Two theorems provide rigorous asymptotic guarantees: eNTK \(\rightarrow\) NTK equivalence (Thm 3.1); Inductive generalization error bound (Thm 3.2).

Limitations & Future Work¶

Additional computational overhead: Calculating the eNTK and its eigenvalue decomposition on a sampled subset at each step, although \(n \ll N\), still introduces a non-zero overhead.
Theoretical analysis limited to two-layer networks: Theorems 3.1 and 3.2 are analyzed based on two-layer networks; rigorous guarantees for deep networks have not yet been provided.
Simple grouping strategy: Currently, grouping is based on adjacent coordinates; optimal grouping strategies for irregular sampling (e.g., NeRF rays) have not been explored.
Hyperparameter selection: The optimal values for \(n\), \(p\), and \(\text{end}\) require task-specific tuning, and a fully automatic selection mechanism is lacking.
Incompatibility between SIREN and BN is pointed out but remains unresolved.

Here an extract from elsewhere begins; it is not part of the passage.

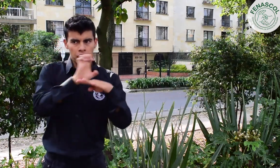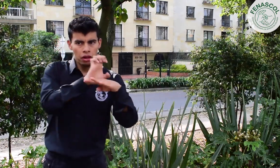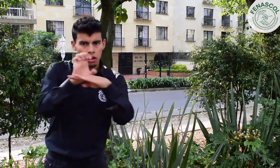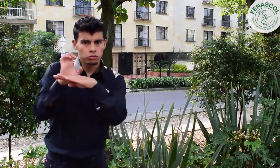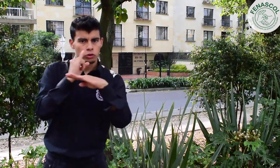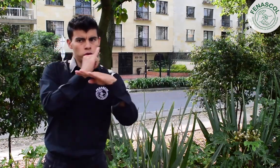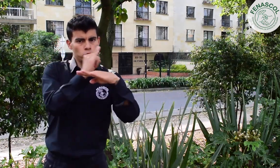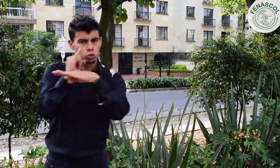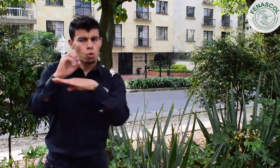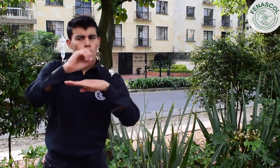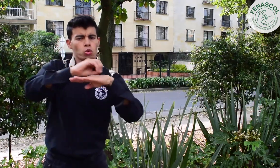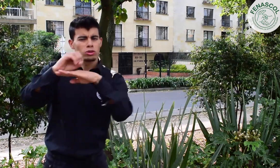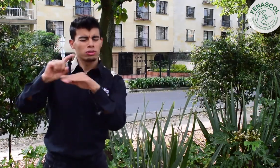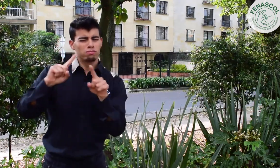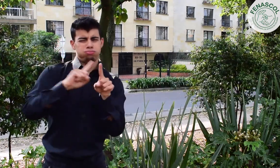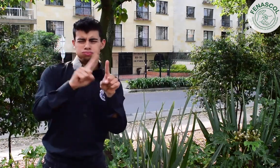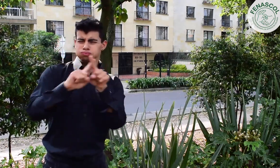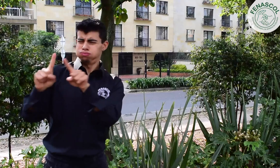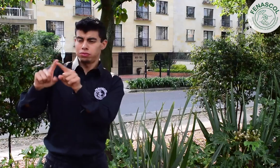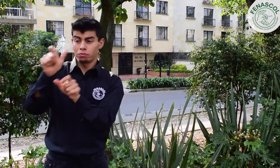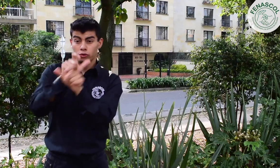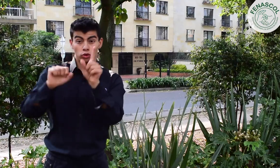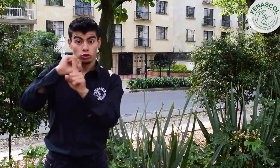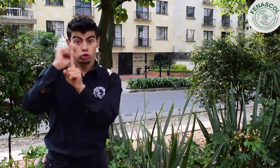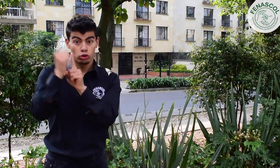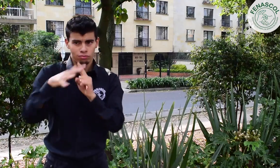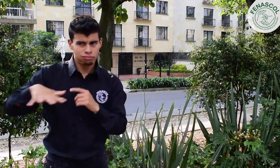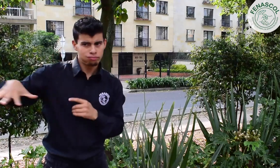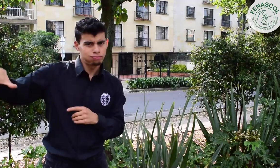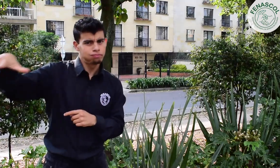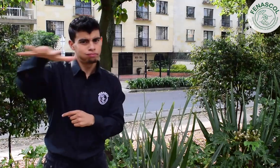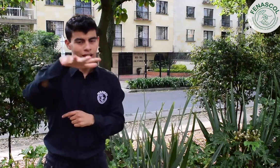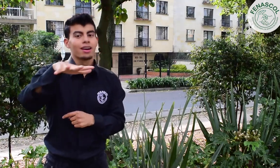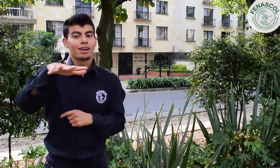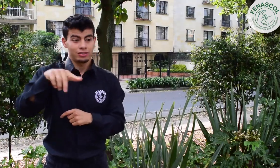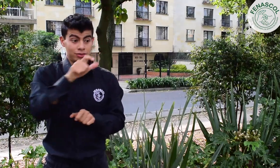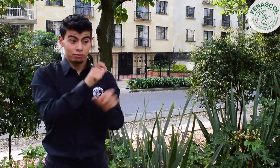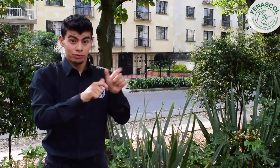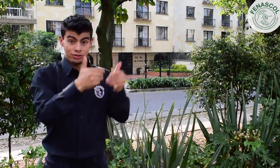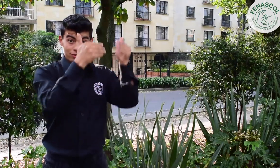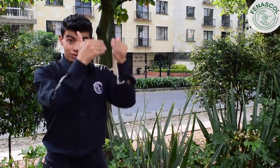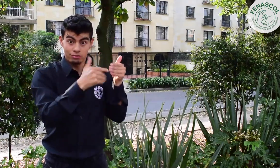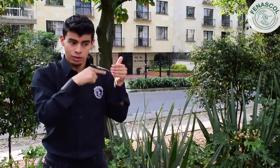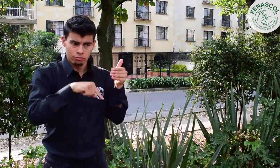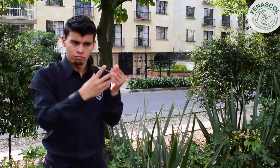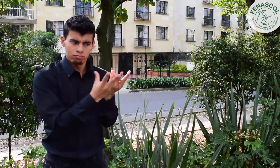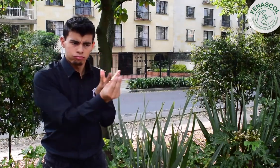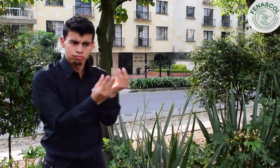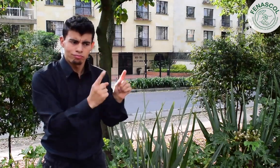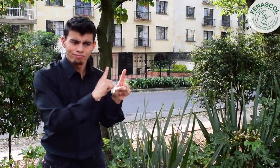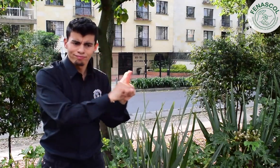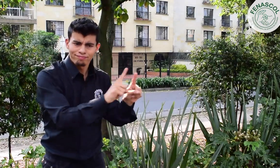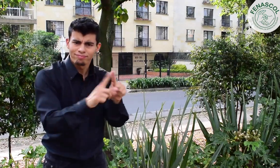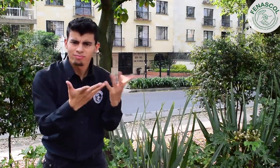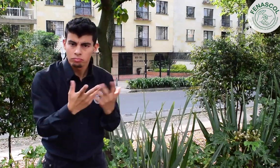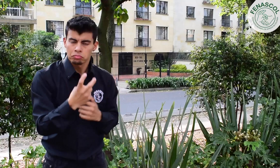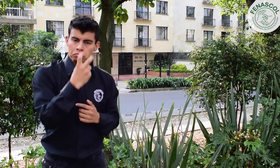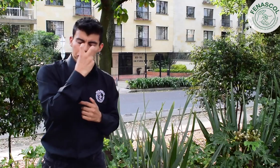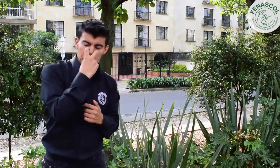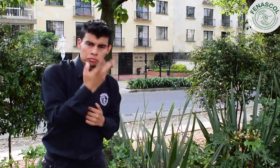privadas, instituciones, organizaciones y la sociedad en general, las personas con discapacidad, es decir, las personas con baja

Fourier Reparameterized Training (FR) [Shi et al., 2024a]: Learning parameters in the Fourier domain can improve INRs, but lacks theoretical guidance.
BN for INR [Cai et al., 2024]: Classic BN can also improve INR performance, but is incompatible with SIREN.
NTK Spectrum Analysis [Ronen et al., 2019; Tancik et al., 2020]: Explaining spectral bias using the NTK spectrum; this work goes further to convert it into an operational training strategy.
Geifman et al., 2023: First attempt to modify the NTK spectrum to accelerate convergence, but limited to toy setups; this work extends it to practical scales through inductive generalization.

Rating¶

Novelty: ⭐⭐⭐⭐ — First to convert eNTK spectral regulation into a practical training-time gradient transformation with a complete theoretical chain.
Experimental Thoroughness: ⭐⭐⭐⭐ — Covers 2D images, 3D shapes, and synthetic data, with comprehensive comparisons against FR and BN.
Writing Quality: ⭐⭐⭐⭐ — The theoretical derivation is clear, and the transition from formulas to the algorithm is smooth.
Value: ⭐⭐⭐⭐ — Has practical application value in the field of INR; controllable adjustment of spectral bias is a significant contribution.